Dynamics of Large Pelagic Ice Crystals in an Antarctic Ice Shelf Water Plume Flowing Beneath Land-Fast Sea Ice

Craig Stevens1,2, Natalie Robinson1, Gabby O'Connor2, and Brett Grant1 Craig Stevens et al.
  • 1National Institute of Water and Atmospheric Research, Greta Point, Wellington, New Zealand
  • 2University of Auckland, New Zealand

Abstract. Observations of boundary-layer processes and ice crystal behaviour in an outflow region from the Ross/McMurdo Ice Shelves are presented. From a fast ice field camp, we captured the kinematics of free-floating relatively large (many 10s of mm in scale) ice crystals that were advecting as well as aggregating in a depositional layer on the sea ice underside (SIPL, sub-ice platelet layer). Simultaneously, we measured the background oceanic temperature, salinity, currents and turbulence structure. At the camp location the total water depth was 536 m, with the uppermost 50 m being in-situ super-cooled. Tidal flow speeds had an amplitude of around 0.1 m s−1 and the resulting under-ice boundary layer sustained turbulent dissipation rates as large as ϵ = 10−6 W kg−1. Acoustic sampling (200 kHz) identified three classes of backscatter (1) large individual highly mobile targets, (2) echoes from large, individually identifiable suspended crystals and (3) a varying background, presumably of very small (frazil) crystals.

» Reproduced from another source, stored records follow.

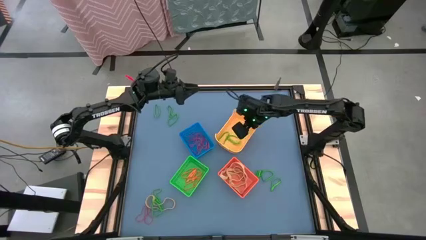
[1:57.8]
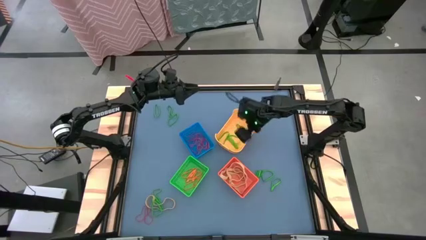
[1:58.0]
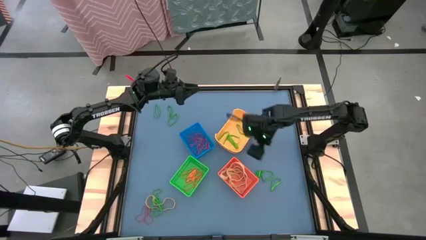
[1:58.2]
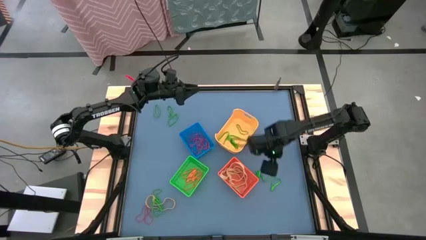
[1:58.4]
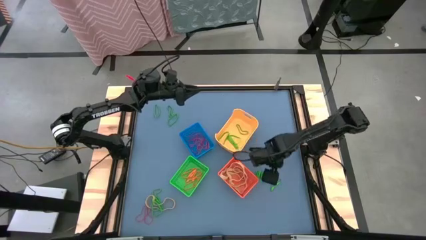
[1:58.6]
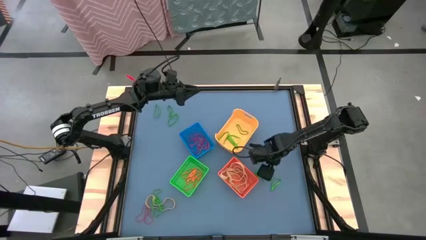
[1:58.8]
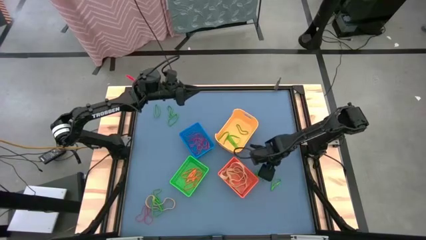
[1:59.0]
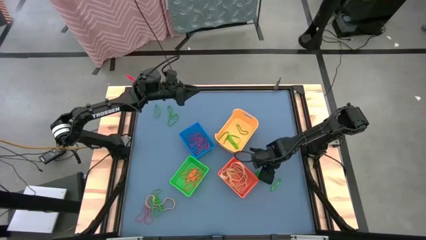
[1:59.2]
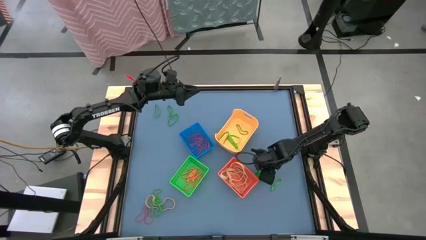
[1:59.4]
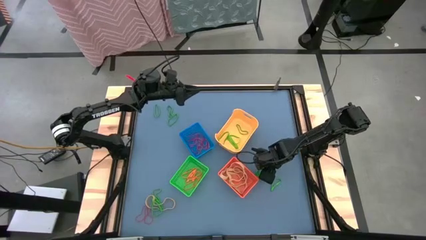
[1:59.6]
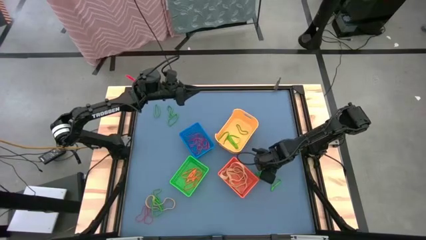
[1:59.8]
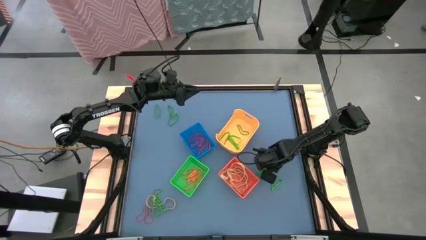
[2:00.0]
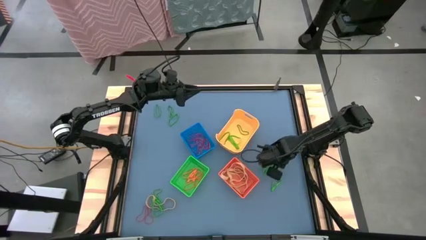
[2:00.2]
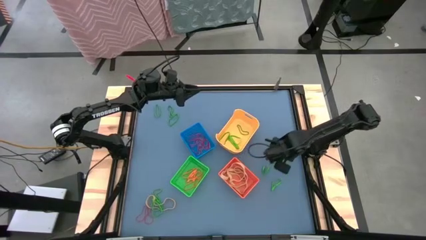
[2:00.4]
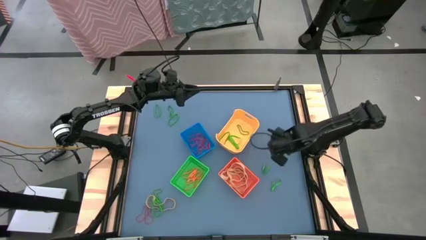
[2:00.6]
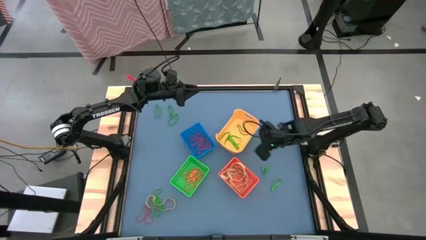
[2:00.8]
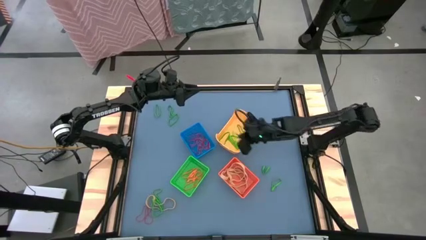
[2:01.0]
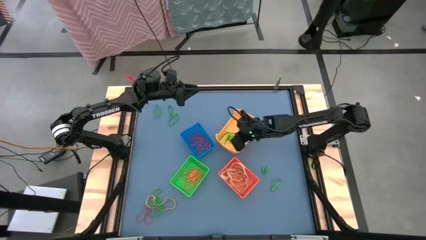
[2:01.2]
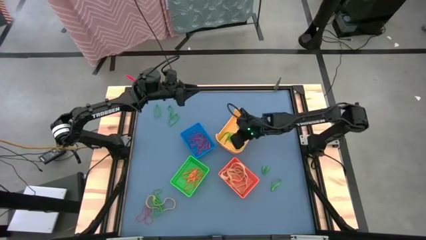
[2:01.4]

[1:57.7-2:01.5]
Put the green rubber band into the yellow bin

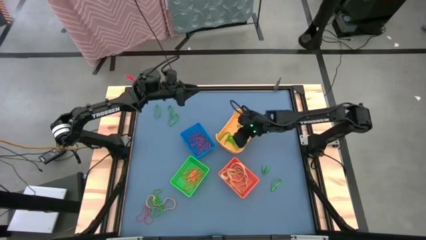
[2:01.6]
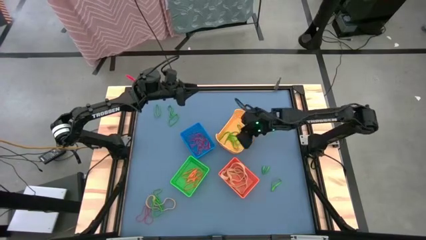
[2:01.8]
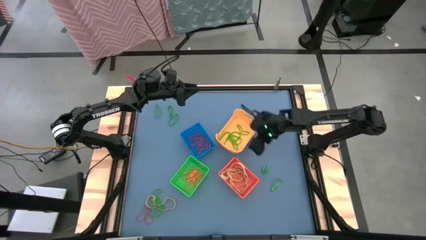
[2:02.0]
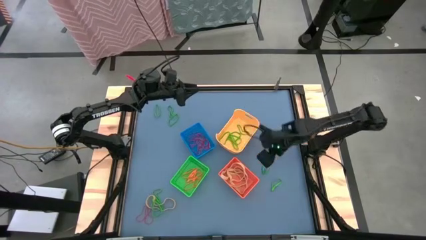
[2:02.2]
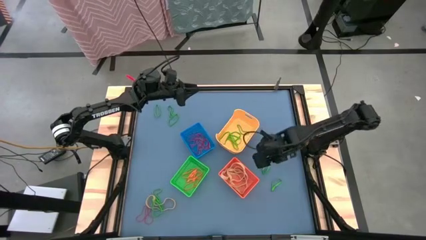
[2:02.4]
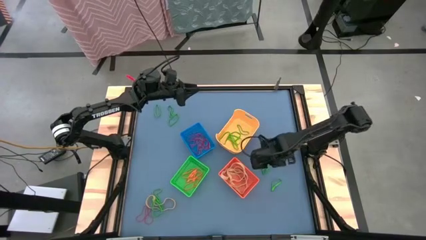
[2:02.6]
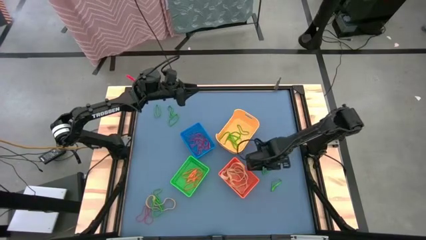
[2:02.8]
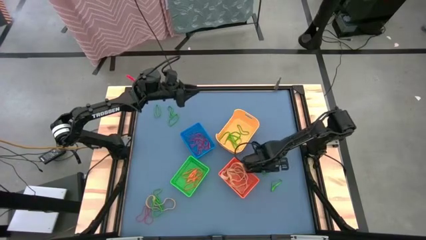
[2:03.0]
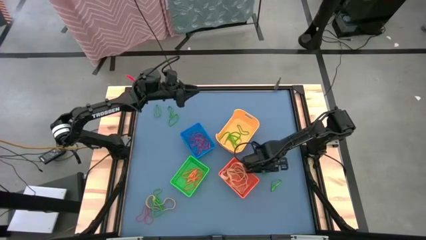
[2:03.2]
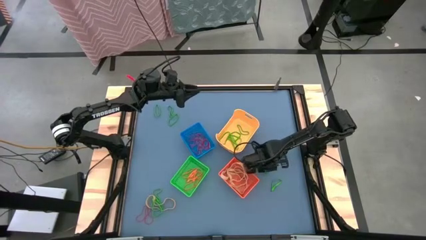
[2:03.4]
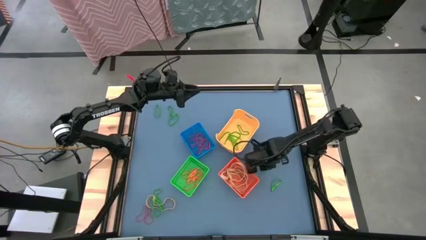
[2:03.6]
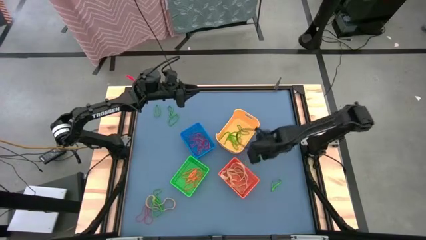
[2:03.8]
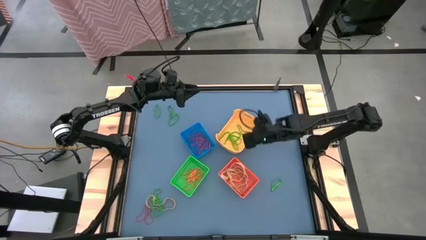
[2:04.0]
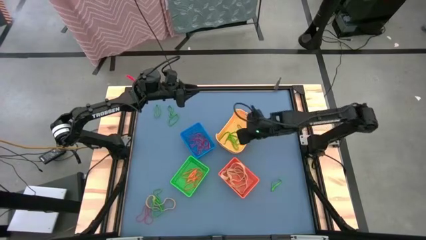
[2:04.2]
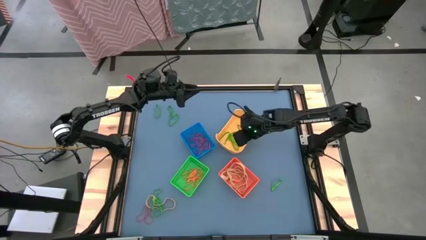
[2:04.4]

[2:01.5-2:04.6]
Put the green rubber band into the yellow bin

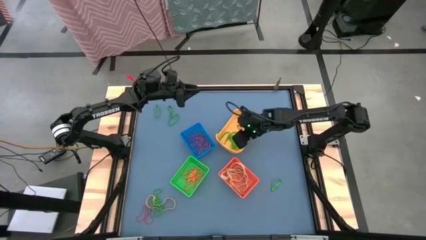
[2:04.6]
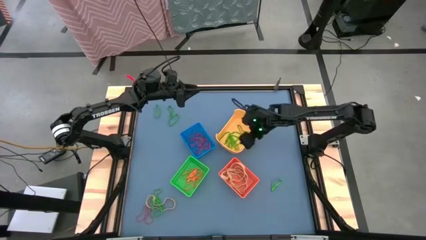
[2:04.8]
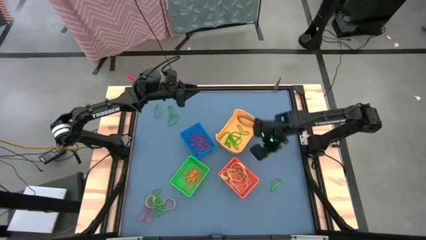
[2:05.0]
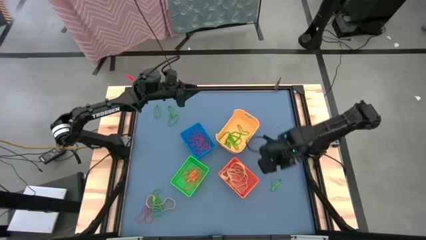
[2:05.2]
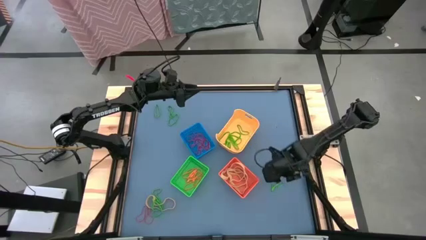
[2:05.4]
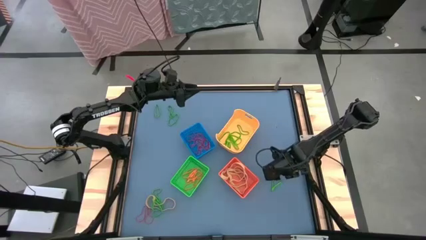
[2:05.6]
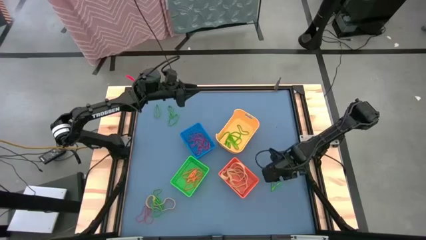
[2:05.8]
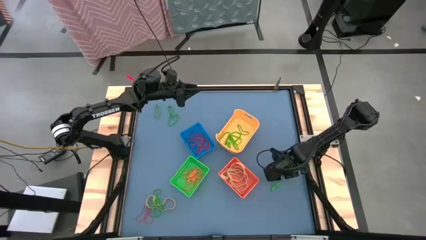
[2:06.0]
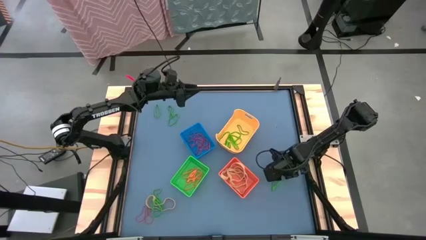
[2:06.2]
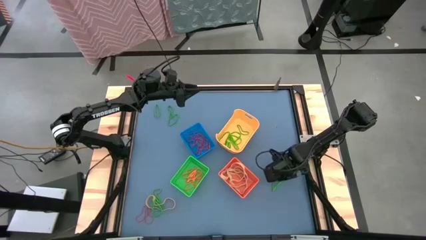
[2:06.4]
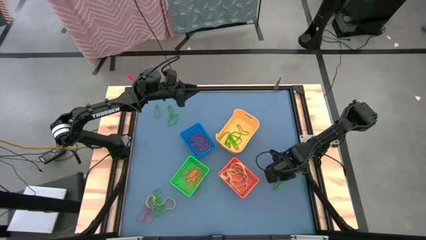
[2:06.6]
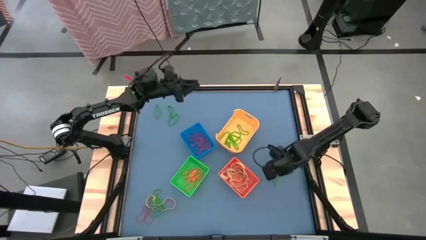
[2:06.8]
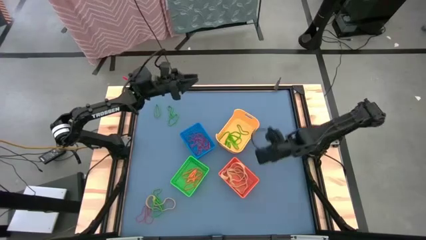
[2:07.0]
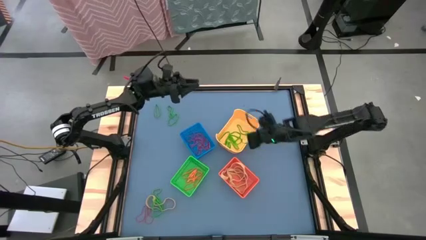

This second class of backscatter was associated with crystal sizes far larger than typical, certainly larger than anything normally described as frazil, and some individuals at least were depositing close to fully grown. Measurement indicated crystal scales of the range 30–80 mm. The existence and settlement of this scale of crystal has implications for understanding SIPL evolution and the processes controlling the fate of Ice Shelf Water.

Craig Stevens et al.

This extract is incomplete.